When I make this point, some take it to mean that we need to find ways to get more working class voices in media, i.e. find some way to break down point (1). If you could do that, it would be interesting and perhaps enlightening in some way. But there is a deeper problem that even that wouldn’t solve. The problem is that, no matter how you really do it, identity avatars that engage in The Discourse are necessarily very unlike the identities they are supposed to be representing.
A working class person that would spend their leisure time interjecting in The Discourse would be much different from your average working class person. This is vacuously true as the average working class person does not interject in The Discourse. But it is also non-vacuously true because the kind of working class person who decides to engage in the discourse also likely reads more news, is more interested in politics, and has more developed political thoughts than the average working class person.
Discourse participants are not selected by random drawings. Rather they self-select. And that self-selection destroys any chance that they could be representative.
This is true across the board. Your average woman political pundit is very unlike the average woman. She’s richer than your average woman; she’s much more educated than your average woman; she consumes very different culture and media than your average woman; and she has much more developed and committed political views than your average woman. The same is true of your average black pundit, your average gay pundit, your average Muslim pundit, and so on.
The gap between the average pundit and average person they are often said to represent is strained even further by the fact that publications often hire pundits on the basis of their politics, meaning that the only people who get through the hiring filter and into a pundit job are those who share whatever the editorial views of a publication happens to be.
Hyper-educated people claiming to be in touch with working class people is no more absurd than hyper-educated women pundits claiming to be in touch with American women at large, or hyper-educated black pundits claiming to be in touch with American blacks at large. But liberals indulge the latter fantasies and even get aggressively mad at those who don’t indulge them.

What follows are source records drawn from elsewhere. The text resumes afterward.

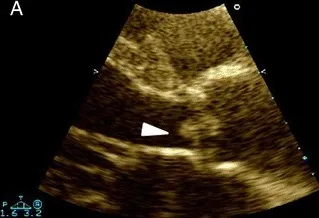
Transthoracic echocardiography. A, parasternal long-axis view shows a round mass (6 x 5 mm, arrow) on the aortic side of the non-coronary cusp of the aortic valve in 2010.
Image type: radiology (ultrasound)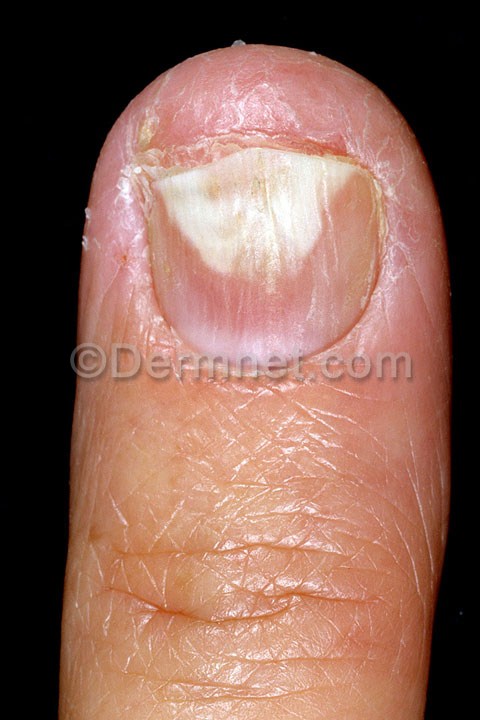
Disease: Nail Fungus and other Nail Disease
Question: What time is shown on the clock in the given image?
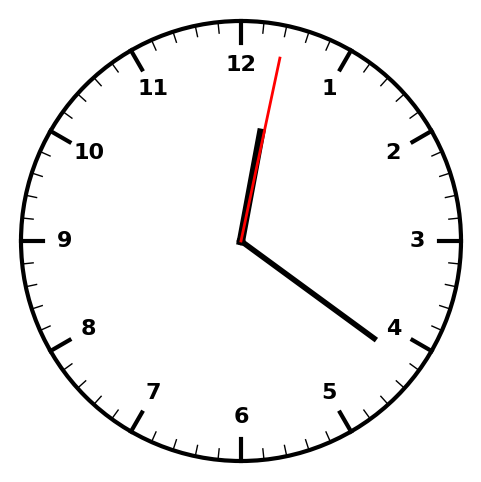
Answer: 12:21:02
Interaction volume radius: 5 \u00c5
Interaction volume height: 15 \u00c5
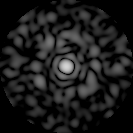
Disorder parameter: 0.8508

In reality, the way any pundit acquires a good insight into any particular group of people is through rigorous study and analysis of that group. Perhaps pundits could opine incisively about pundits themselves and their various internal cleavages without much study. But beyond that, they get insight into groups of people through the same methods that they would get insight into the working class, methods that Doctor Vox and many liberals seem to reject as silly when it’s convenient to do so.